» **Task description**
Exact reproduction required: the lines below from the line with "#4019 = EDGE_LOOP" to the line with "#8471 = DIRECTION", both ends included, and no others.
◆ ◆ ◆ ◆ ◆ ◆ ◆
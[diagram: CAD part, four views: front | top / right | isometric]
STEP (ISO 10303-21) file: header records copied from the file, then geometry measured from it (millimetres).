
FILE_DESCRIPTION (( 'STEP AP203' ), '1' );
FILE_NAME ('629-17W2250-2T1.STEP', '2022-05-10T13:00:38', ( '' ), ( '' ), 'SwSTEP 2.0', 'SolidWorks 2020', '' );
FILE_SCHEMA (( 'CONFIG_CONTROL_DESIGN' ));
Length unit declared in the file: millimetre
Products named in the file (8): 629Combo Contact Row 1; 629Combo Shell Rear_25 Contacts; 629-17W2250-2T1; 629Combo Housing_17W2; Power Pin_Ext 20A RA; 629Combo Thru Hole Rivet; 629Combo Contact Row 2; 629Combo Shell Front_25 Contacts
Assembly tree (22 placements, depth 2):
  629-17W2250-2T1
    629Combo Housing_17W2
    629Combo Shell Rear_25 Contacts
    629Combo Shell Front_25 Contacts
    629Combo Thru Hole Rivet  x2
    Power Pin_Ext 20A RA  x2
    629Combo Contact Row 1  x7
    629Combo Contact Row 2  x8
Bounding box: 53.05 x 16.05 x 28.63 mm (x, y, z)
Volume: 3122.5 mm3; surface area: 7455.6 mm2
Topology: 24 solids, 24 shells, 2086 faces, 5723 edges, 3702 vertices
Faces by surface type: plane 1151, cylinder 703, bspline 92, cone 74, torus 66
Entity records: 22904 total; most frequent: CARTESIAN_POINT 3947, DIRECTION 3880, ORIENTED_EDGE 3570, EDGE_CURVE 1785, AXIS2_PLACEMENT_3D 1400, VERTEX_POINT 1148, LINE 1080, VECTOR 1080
◆ ◆ ◆ ◆ ◆ ◆ ◆
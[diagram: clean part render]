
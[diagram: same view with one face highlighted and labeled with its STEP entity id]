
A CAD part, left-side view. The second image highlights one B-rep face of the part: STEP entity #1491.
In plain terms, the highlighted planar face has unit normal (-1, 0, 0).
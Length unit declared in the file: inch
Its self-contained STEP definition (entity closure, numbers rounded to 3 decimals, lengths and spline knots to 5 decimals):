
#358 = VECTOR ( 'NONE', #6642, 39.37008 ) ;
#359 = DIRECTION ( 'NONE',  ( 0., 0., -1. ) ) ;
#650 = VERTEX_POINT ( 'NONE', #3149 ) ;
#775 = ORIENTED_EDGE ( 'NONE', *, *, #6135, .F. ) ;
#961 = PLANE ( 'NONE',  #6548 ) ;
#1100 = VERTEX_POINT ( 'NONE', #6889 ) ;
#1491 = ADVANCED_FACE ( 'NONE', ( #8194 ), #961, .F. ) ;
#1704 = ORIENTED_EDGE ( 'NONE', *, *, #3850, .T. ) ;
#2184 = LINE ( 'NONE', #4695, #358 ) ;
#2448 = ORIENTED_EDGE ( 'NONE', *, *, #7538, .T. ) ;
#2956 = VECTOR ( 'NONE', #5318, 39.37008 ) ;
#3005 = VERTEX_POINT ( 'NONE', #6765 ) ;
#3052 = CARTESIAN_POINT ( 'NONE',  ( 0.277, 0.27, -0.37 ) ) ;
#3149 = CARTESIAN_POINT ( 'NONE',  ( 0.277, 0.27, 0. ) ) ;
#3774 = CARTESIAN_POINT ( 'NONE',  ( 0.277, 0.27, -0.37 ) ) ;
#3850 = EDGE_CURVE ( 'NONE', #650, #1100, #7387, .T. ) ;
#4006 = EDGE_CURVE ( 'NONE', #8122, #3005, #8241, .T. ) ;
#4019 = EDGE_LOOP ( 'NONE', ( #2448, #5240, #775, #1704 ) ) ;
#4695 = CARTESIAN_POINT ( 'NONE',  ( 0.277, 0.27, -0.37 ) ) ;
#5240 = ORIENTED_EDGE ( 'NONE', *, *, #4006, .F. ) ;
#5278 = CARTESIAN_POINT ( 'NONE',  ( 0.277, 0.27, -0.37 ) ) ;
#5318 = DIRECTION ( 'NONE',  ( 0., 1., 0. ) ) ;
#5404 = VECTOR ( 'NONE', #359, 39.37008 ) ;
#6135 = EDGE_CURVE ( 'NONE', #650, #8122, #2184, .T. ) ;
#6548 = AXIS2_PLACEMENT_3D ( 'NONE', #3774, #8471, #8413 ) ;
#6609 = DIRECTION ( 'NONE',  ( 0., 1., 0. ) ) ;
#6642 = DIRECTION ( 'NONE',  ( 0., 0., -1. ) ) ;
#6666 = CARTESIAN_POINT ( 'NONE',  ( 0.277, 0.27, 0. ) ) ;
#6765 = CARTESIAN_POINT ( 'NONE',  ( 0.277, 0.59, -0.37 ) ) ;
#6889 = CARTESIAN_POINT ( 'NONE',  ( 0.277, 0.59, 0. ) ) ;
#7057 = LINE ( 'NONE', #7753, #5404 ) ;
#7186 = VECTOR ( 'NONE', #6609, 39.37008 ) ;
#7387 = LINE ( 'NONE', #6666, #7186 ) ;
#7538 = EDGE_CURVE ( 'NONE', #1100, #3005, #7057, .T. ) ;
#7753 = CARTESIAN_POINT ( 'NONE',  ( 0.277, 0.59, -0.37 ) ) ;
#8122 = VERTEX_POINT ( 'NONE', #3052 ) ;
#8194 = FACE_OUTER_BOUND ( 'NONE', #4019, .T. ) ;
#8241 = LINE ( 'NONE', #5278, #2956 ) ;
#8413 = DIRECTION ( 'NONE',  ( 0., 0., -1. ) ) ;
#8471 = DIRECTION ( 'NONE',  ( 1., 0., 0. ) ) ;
◆ ◆ ◆ ◆ ◆ ◆ ◆
» **Expected answer**
#4019 = EDGE_LOOP ( 'NONE', ( #2448, #5240, #775, #1704 ) ) ;
#4695 = CARTESIAN_POINT ( 'NONE',  ( 0.277, 0.27, -0.37 ) ) ;
#5240 = ORIENTED_EDGE ( 'NONE', *, *, #4006, .F. ) ;
#5278 = CARTESIAN_POINT ( 'NONE',  ( 0.277, 0.27, -0.37 ) ) ;
#5318 = DIRECTION ( 'NONE',  ( 0., 1., 0. ) ) ;
#5404 = VECTOR ( 'NONE', #359, 39.37008 ) ;
#6135 = EDGE_CURVE ( 'NONE', #650, #8122, #2184, .T. ) ;
#6548 = AXIS2_PLACEMENT_3D ( 'NONE', #3774, #8471, #8413 ) ;
#6609 = DIRECTION ( 'NONE',  ( 0., 1., 0. ) ) ;
#6642 = DIRECTION ( 'NONE',  ( 0., 0., -1. ) ) ;
#6666 = CARTESIAN_POINT ( 'NONE',  ( 0.277, 0.27, 0. ) ) ;
#6765 = CARTESIAN_POINT ( 'NONE',  ( 0.277, 0.59, -0.37 ) ) ;
#6889 = CARTESIAN_POINT ( 'NONE',  ( 0.277, 0.59, 0. ) ) ;
#7057 = LINE ( 'NONE', #7753, #5404 ) ;
#7186 = VECTOR ( 'NONE', #6609, 39.37008 ) ;
#7387 = LINE ( 'NONE', #6666, #7186 ) ;
#7538 = EDGE_CURVE ( 'NONE', #1100, #3005, #7057, .T. ) ;
#7753 = CARTESIAN_POINT ( 'NONE',  ( 0.277, 0.59, -0.37 ) ) ;
#8122 = VERTEX_POINT ( 'NONE', #3052 ) ;
#8194 = FACE_OUTER_BOUND ( 'NONE', #4019, .T. ) ;
#8241 = LINE ( 'NONE', #5278, #2956 ) ;
#8413 = DIRECTION ( 'NONE',  ( 0., 0., -1. ) ) ;
#8471 = DIRECTION ( 'NONE',  ( 1., 0., 0. ) ) ;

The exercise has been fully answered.